Introduction Low-tone sudden sensorineural hearing loss (SSHL) is a well-recognized disease, in which the hearing loss is restricted to low frequencies. In contrast to low-tone SSHL, high-tone SSHL is characterized by high-frequency (4,000, 8,000 Hz) hearing loss and preservation of low-, middle-frequency hearing. Objective The objective of this study is to compare the hearing recovery and long-term outcome of low-tone SSHL with those of patients affected by high-tone SSHL in a follow-up of ∼ 3 years.
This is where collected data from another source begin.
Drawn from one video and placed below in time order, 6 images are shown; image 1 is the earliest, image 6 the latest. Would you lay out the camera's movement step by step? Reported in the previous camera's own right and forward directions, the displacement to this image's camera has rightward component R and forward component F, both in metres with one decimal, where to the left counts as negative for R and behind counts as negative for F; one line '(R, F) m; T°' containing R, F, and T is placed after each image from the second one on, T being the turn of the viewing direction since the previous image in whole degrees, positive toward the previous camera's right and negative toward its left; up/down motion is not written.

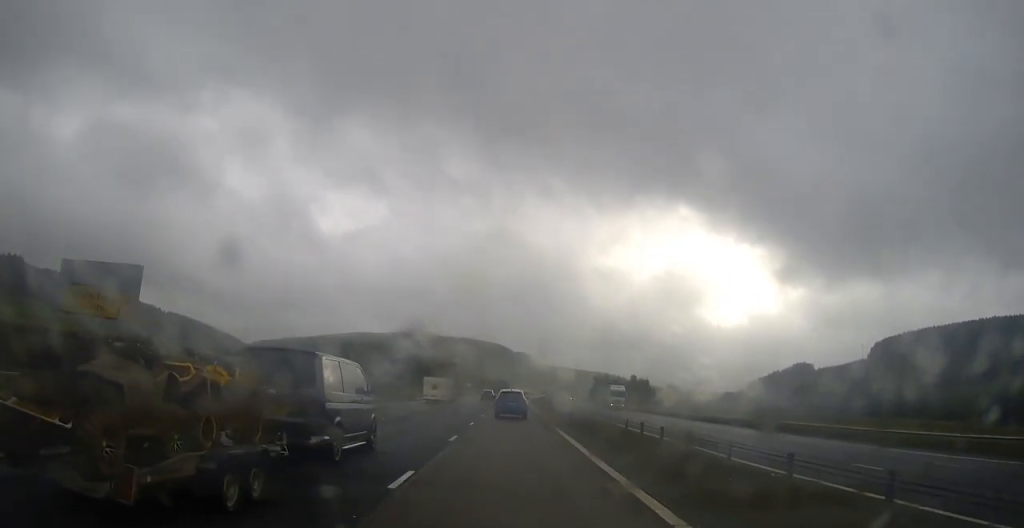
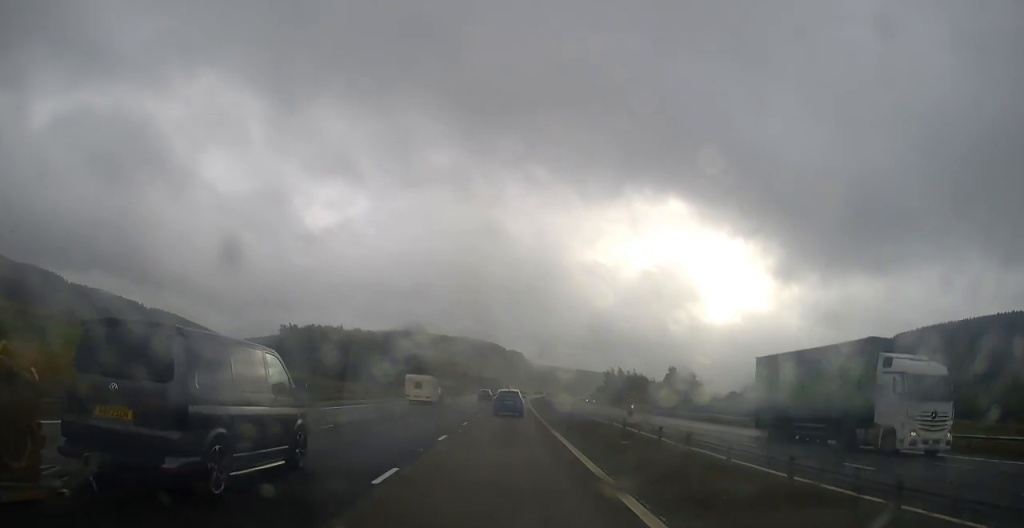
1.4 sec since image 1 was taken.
(+0.2, +45.2) m; 0°
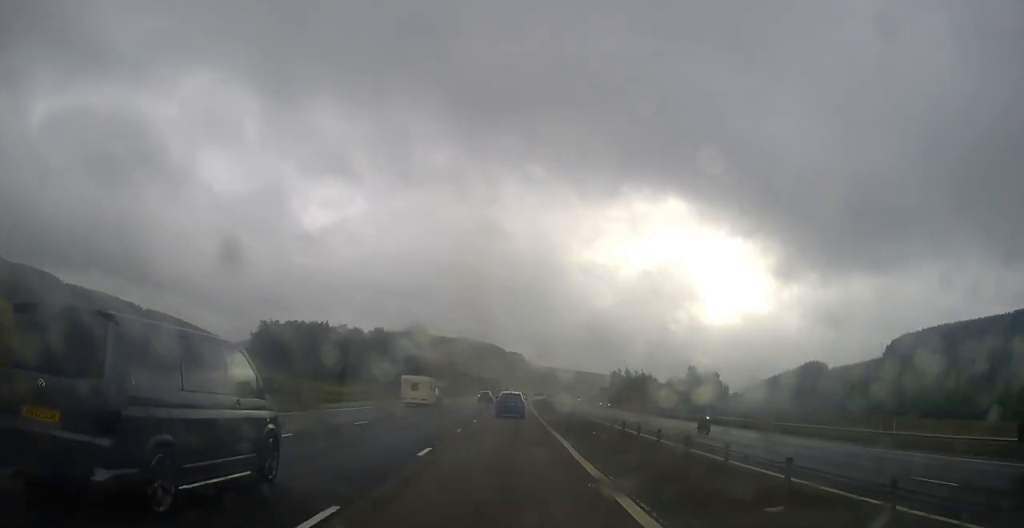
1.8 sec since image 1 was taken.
(0.0, +12.7) m; 0°
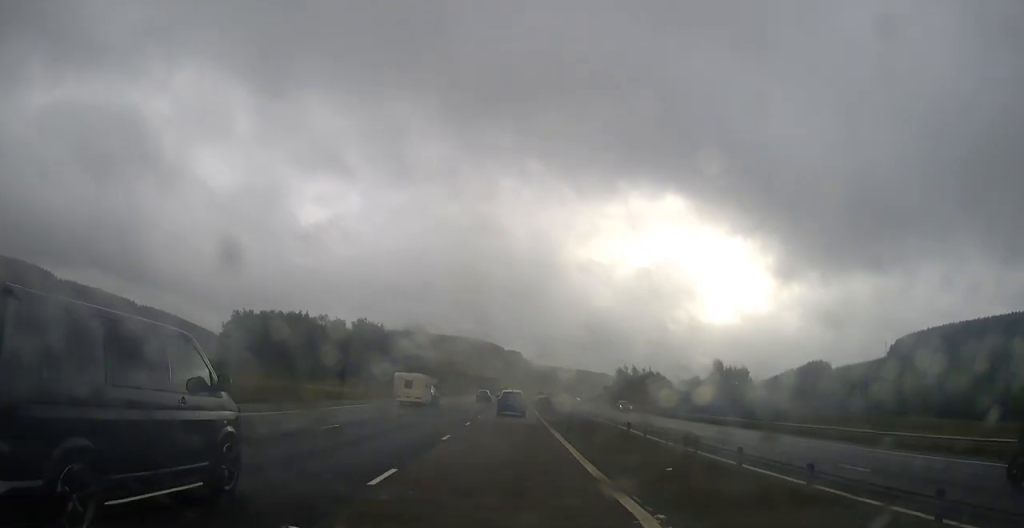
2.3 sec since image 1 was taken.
(0.0, +13.7) m; 0°
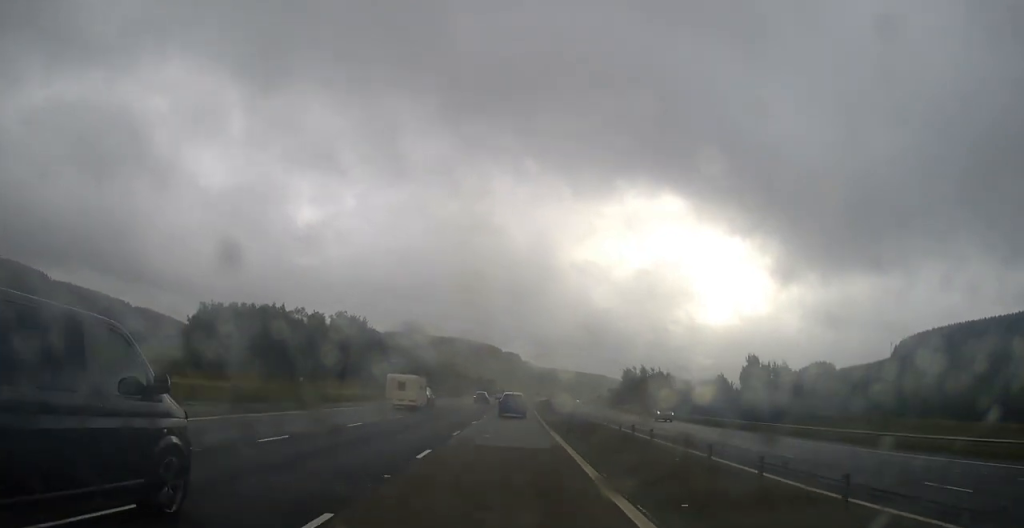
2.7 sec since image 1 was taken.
(0.0, +13.7) m; 0°
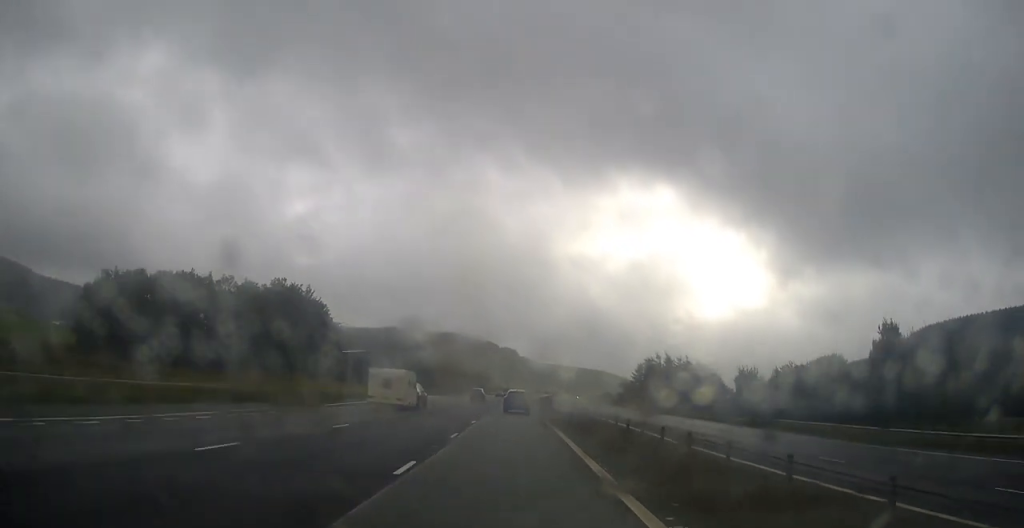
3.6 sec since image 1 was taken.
(+0.1, +29.7) m; +1°

Methods The low-tone SSHL and high-tone SSHL groups included 27 and 20 patients, respectively; the patients of both groups were treated with intravenous steroids. Predictive factors (gender, affected side, delay of treatment, follow-up time) were also examined. Results Overall, complete hearing recovery was observed in 77.7% of the patients in the low-tone SSHL group and in 15% of the patients in the high-tone SSHL group. In the high-tone SSHL group, a higher proportion of patients reported tinnitus compared with the low-tone SSHL group (13 cases [65%] versus 3 cases [11%]); however, recurrences were more common in the low-tone SSHL (22%, 6 patients) compared with the high-tone SSHL (2 cases [10%]) group. No predictive factor was found to statistically impact on hearing outcome. Conclusion After initial therapy, the low-tone SSHL patients have more favorable hearing outcome than high-tone SSHL patients. However, recurrences occurred more frequently in the low-tone SSHL group, while the high-tone SSHL group was more often accompanied by residual symptoms, such as tinnitus.